▶ [Exercise description] Look at the entries below and restate word for word the lines from the first through the one that has "Herrn Professor Hagemeister".

....

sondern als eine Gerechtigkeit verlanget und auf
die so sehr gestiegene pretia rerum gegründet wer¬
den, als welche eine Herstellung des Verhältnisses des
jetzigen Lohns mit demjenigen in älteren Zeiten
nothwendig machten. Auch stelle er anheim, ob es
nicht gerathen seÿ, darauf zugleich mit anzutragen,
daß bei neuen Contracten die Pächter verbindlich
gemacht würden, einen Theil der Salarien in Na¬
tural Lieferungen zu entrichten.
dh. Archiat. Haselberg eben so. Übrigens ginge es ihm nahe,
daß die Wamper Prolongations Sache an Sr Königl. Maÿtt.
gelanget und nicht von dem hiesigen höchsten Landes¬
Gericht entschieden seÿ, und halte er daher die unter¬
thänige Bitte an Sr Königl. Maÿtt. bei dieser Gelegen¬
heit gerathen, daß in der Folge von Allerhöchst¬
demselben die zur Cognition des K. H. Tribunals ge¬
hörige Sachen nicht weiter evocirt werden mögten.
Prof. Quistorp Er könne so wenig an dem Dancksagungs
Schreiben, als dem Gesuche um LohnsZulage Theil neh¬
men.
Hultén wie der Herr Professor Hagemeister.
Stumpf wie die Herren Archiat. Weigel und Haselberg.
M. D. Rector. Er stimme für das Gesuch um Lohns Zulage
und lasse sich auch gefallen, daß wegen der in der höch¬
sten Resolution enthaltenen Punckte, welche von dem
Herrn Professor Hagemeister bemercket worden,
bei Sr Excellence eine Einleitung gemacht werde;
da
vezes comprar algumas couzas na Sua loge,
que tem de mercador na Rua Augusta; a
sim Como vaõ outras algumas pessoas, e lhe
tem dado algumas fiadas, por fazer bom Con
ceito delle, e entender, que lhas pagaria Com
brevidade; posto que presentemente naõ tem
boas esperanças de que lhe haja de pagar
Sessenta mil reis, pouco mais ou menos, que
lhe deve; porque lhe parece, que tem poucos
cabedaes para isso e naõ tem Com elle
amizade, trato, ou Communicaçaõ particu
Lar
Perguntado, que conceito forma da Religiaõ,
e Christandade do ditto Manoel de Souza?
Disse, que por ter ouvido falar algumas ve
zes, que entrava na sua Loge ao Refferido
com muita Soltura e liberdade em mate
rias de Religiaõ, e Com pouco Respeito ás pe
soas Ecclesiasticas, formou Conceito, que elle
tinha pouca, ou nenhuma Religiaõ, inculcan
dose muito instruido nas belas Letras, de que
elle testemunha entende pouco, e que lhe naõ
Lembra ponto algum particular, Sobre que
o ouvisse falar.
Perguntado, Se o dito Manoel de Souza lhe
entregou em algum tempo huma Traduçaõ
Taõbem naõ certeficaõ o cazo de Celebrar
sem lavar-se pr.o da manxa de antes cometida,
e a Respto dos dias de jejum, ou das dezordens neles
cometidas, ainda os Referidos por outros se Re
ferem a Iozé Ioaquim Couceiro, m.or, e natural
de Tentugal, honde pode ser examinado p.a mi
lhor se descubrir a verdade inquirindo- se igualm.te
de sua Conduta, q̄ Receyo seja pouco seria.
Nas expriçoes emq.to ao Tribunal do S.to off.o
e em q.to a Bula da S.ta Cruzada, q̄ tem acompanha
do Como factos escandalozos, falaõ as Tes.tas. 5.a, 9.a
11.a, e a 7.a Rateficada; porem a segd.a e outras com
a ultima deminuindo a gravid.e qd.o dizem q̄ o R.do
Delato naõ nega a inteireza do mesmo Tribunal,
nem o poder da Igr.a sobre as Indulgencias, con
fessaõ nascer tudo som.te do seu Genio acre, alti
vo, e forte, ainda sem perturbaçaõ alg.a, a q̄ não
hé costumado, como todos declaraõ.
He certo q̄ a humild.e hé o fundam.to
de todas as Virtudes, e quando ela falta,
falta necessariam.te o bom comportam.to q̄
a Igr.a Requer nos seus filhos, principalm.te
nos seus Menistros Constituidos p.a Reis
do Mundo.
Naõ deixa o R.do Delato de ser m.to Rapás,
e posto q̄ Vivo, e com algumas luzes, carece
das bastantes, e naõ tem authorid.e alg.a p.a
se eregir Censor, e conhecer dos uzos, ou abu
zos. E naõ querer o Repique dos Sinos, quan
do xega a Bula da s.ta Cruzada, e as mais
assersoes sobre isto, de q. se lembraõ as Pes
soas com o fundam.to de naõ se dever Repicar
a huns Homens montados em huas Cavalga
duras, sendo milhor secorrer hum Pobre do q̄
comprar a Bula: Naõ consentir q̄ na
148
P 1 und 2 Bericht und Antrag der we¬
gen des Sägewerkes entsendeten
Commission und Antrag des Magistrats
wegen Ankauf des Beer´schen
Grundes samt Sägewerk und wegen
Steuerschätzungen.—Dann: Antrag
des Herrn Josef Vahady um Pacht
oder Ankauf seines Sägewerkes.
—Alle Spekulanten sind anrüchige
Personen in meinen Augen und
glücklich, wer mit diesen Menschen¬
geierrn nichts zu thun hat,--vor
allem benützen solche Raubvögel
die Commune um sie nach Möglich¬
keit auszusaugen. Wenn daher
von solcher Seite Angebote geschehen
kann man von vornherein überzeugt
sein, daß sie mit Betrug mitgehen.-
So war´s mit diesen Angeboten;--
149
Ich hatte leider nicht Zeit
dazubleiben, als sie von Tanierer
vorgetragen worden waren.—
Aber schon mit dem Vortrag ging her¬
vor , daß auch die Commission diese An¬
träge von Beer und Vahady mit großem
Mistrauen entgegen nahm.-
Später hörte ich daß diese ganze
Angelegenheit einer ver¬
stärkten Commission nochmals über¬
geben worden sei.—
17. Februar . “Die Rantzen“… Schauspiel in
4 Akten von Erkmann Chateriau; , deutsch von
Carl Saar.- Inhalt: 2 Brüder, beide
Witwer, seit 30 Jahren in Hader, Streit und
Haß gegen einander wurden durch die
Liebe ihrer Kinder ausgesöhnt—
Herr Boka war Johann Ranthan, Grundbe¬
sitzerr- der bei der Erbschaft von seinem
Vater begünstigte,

....

▶ [Response below]
sondern als eine Gerechtigkeit verlanget und auf
die so sehr gestiegene pretia rerum gegründet wer¬
den, als welche eine Herstellung des Verhältnisses des
jetzigen Lohns mit demjenigen in älteren Zeiten
nothwendig machten. Auch stelle er anheim, ob es
nicht gerathen seÿ, darauf zugleich mit anzutragen,
daß bei neuen Contracten die Pächter verbindlich
gemacht würden, einen Theil der Salarien in Na¬
tural Lieferungen zu entrichten.
dh. Archiat. Haselberg eben so. Übrigens ginge es ihm nahe,
daß die Wamper Prolongations Sache an Sr Königl. Maÿtt.
gelanget und nicht von dem hiesigen höchsten Landes¬
Gericht entschieden seÿ, und halte er daher die unter¬
thänige Bitte an Sr Königl. Maÿtt. bei dieser Gelegen¬
heit gerathen, daß in der Folge von Allerhöchst¬
demselben die zur Cognition des K. H. Tribunals ge¬
hörige Sachen nicht weiter evocirt werden mögten.
Prof. Quistorp Er könne so wenig an dem Dancksagungs
Schreiben, als dem Gesuche um LohnsZulage Theil neh¬
men.
Hultén wie der Herr Professor Hagemeister.
Stumpf wie die Herren Archiat. Weigel und Haselberg.
M. D. Rector. Er stimme für das Gesuch um Lohns Zulage
und lasse sich auch gefallen, daß wegen der in der höch¬
sten Resolution enthaltenen Punckte, welche von dem
Herrn Professor Hagemeister bemercket worden,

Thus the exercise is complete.